Как отражается на профессии время омассовленных ценностей, нивелирующее личностное начало?


Проблема, в том числе и музыкальная, в том, что мир сейчас живет очень по-быстрому, на высоких скоростях – это, конечно, затрагивает и нашу работу. А ведь для дирижера, как и для любого человека искусства, время необходимо: оно работает на познание, на глубину, на основательность. Времени нет, а в быстроте и суете нет подлинного творчества. Поэтому надо постоянно искать баланс, соотношение между временем, нехватка которого очевидна, и фантазией, которая должна быть подпитана и очень хорошо проработана.


Другой вопрос, насколько дирижер может позволить себе обратиться к своей фантазии.


Разумеется, мы обязаны оставаться в «круге партитуры»: ничего не добавлять и не изменять. И я совершенно уверен, что весь секрет музыкального познания в том, чтобы именно в партитуре увидеть, услышать индивидуальное решение и все неповторимые краски; уметь все это прочитать, опираясь на свои глубину и индивидуальность, – ведь каждый художник, каждый глаз видит эстетику линий и логику формообразующих процессов совершенно по-своему. И чем он талантливее, тем уникальнее его взгляд. Талант художника – в уникальном видении.


Хотя нередко эта ценность подменяется другой – техникой.

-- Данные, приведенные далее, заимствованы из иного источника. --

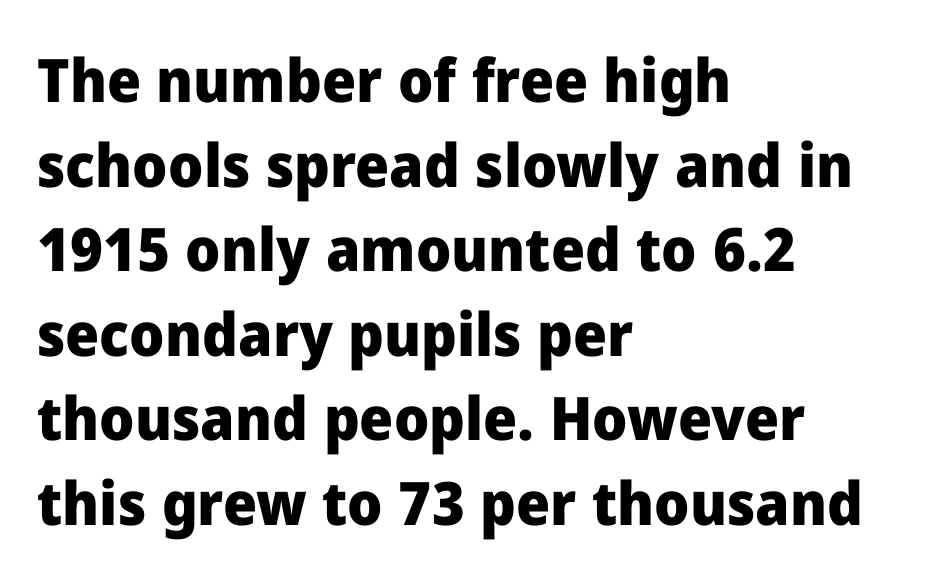
If you measured baseline to baseline, you'd find a middling distance. Proportional: the letters do not fall into vertical columns. Quick note: not italic, upright. Observe the absence of serifs on each vertical stroke in this sample. The rendering keeps characters at their native spacing.
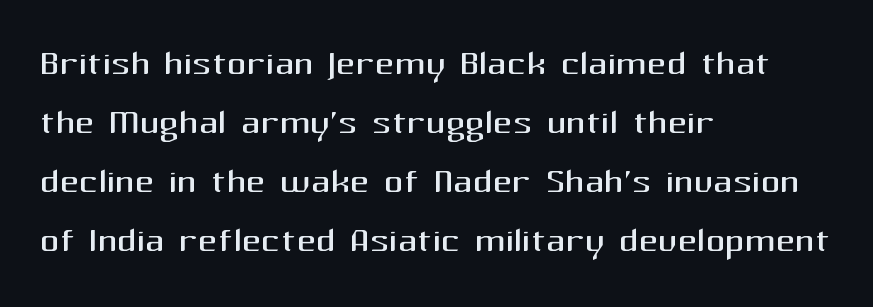
Compared with a typical body face, this is equally light or lighter still. Here the designer chose a conventional face with non-uniform glyph widths. The axis of the letterforms is exactly vertical. The font family rendered here belongs to the sans-serif group. Students, note that the glyphs here touch the page at normal intervals.

Никогда техника не была залогом гениальности. Дирижер смотрит партитуру и видит там свою картину. Степень ее неординарности и определяет качество, хотя «сюжет» произведения заложен в партитуре: сюжет, драма, время, секрет. Взять хотя бы время – это мистическая категория в исполнительстве. Мы может дать себе задачу спроецировать исполнение в прошлое, а можем – в будущее. Дирижер поглощает, опустошает энергию текста и возвращает ее в другом эквиваленте.


Что же касается мануальной техники, жестов…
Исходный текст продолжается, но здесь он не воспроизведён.